- [Task objective] Write out nothing but the lines from the first line of the entries below through the line with "offset, null, null);"; no pictures go in.

- [Data records]
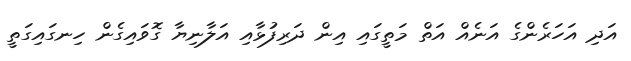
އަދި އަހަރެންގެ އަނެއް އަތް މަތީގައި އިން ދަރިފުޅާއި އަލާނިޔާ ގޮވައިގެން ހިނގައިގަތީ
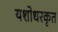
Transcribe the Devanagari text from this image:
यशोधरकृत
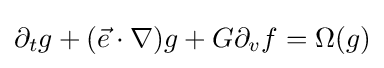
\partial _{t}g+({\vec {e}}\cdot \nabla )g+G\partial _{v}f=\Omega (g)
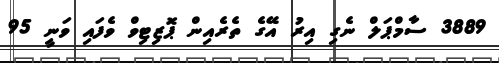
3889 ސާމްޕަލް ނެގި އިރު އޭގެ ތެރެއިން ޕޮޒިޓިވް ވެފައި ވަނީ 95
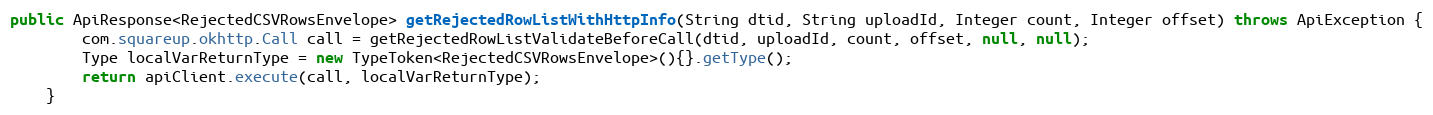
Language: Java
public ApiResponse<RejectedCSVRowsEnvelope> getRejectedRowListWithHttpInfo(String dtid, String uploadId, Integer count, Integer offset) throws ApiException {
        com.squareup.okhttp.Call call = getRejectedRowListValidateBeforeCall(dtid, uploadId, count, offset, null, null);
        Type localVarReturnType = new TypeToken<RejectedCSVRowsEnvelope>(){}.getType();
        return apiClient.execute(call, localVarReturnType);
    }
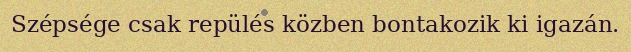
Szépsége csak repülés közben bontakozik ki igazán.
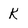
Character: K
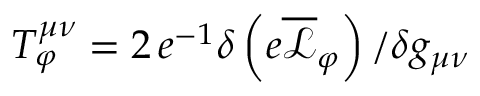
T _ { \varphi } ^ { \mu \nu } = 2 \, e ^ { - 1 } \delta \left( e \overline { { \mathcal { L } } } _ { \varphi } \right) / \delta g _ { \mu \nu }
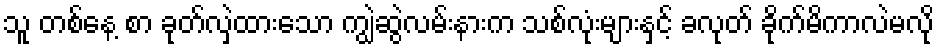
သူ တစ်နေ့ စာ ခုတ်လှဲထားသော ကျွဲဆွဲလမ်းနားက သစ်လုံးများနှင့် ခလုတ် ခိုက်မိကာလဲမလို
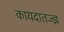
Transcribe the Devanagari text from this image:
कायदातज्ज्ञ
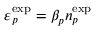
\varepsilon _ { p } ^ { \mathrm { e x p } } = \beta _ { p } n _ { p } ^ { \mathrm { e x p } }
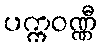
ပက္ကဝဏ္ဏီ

- [Solution to the exercise]
އަދި އަހަރެންގެ އަނެއް އަތް މަތީގައި އިން ދަރިފުޅާއި އަލާނިޔާ ގޮވައިގެން ހިނގައިގަތީ
Transcribe the Devanagari text from this image:
यशोधरकृत
\partial _{t}g+({\vec {e}}\cdot \nabla )g+G\partial _{v}f=\Omega (g)
3889 ސާމްޕަލް ނެގި އިރު އޭގެ ތެރެއިން ޕޮޒިޓިވް ވެފައި ވަނީ 95
Language: Java
public ApiResponse<RejectedCSVRowsEnvelope> getRejectedRowListWithHttpInfo(String dtid, String uploadId, Integer count, Integer offset) throws ApiException {
        com.squareup.okhttp.Call call = getRejectedRowListValidateBeforeCall(dtid, uploadId, count, offset, null, null);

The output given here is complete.